REQUIRED WORK: Scan the listing below and copy each line holding the word "right".
┌──
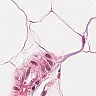
Metastatic tissue present: no
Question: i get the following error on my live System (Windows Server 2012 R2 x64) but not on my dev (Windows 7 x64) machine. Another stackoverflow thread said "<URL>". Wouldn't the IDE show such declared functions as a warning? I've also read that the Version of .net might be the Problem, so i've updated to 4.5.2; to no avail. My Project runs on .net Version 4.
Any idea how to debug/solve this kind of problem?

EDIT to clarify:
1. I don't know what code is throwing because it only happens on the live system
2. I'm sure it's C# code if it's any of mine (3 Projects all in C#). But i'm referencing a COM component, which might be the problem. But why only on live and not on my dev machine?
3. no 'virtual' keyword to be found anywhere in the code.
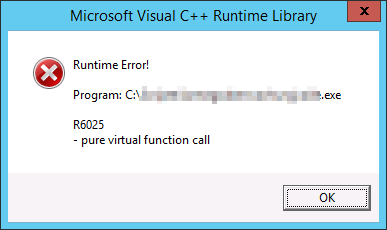
Answer: So i narrowed it down to a COM-Component which seems to have a problem with Windows Server 2012 R2.
Because it's a problem with a 3rd Party i've contacted them to fix the problem.
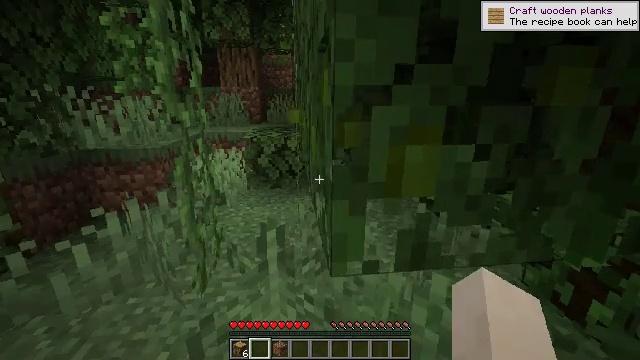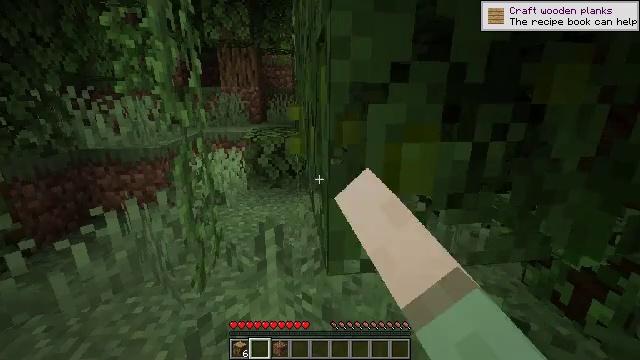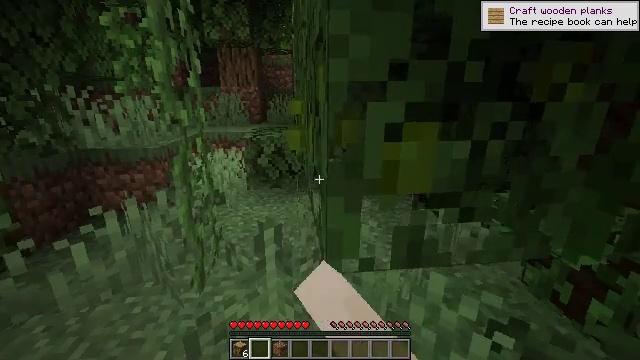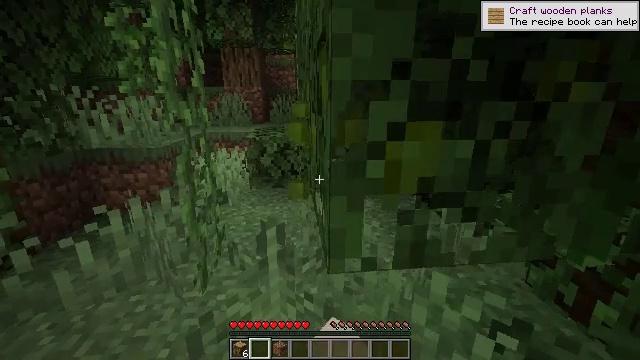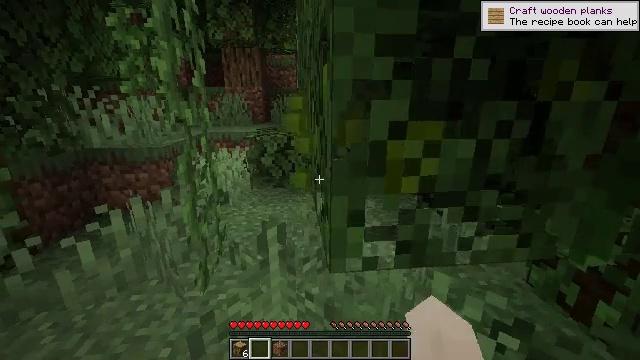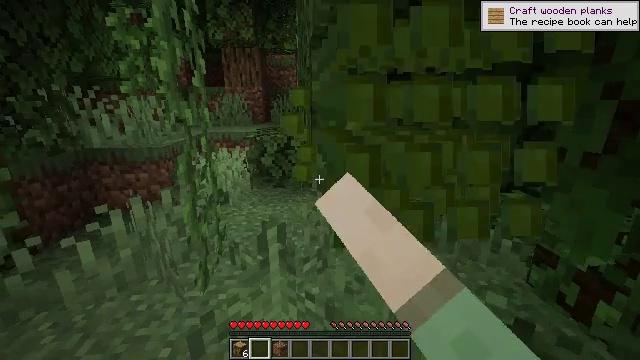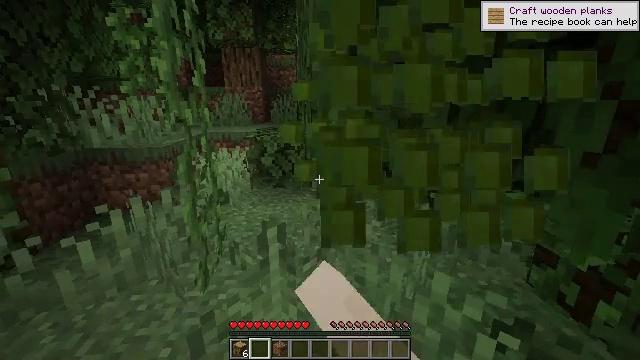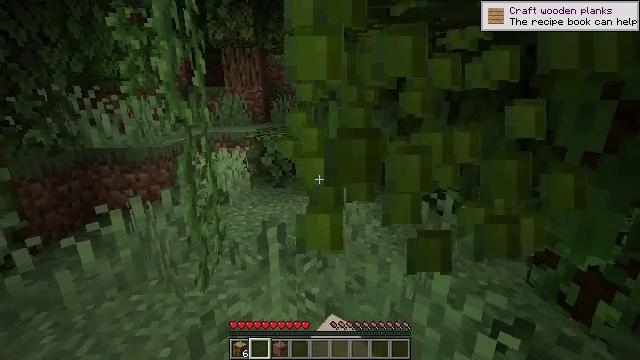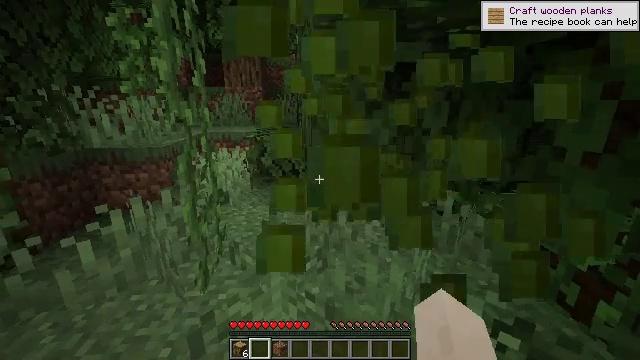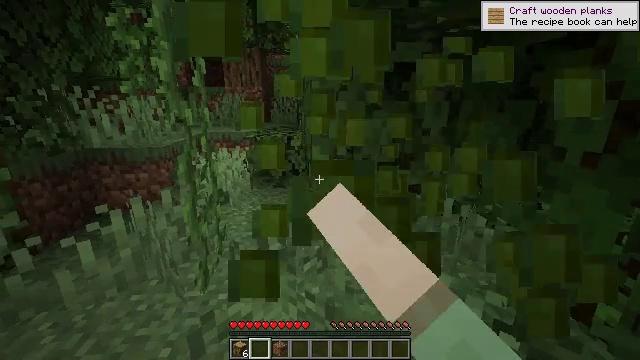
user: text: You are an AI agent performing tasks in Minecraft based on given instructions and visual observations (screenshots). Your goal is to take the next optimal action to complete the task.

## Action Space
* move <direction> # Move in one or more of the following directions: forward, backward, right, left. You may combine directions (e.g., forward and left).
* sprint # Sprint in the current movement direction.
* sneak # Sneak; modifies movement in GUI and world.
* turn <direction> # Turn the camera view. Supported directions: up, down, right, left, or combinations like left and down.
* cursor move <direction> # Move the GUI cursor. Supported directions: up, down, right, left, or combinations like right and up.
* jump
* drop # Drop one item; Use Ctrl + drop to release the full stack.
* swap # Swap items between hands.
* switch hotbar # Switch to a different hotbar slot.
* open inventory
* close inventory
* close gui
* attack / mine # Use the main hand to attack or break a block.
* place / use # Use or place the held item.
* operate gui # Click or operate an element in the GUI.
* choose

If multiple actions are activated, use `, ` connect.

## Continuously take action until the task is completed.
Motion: motion action
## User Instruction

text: Mine the jungle leaves to get saplings or sticks.
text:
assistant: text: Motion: attack / mine
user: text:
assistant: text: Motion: attack / mine
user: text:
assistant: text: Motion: attack / mine
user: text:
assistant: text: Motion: attack / mine
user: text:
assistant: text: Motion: attack / mine
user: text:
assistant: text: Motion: attack / mine
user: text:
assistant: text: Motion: attack / mine
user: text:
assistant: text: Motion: attack / mine
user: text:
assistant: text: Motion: attack / mine
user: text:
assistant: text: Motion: attack / mine
└──
TASK RESULT:
* move <direction> # Move in one or more of the following directions: forward, backward, right, left. You may combine directions (e.g., forward and left).
* turn <direction> # Turn the camera view. Supported directions: up, down, right, left, or combinations like left and down.
* cursor move <direction> # Move the GUI cursor. Supported directions: up, down, right, left, or combinations like right and up.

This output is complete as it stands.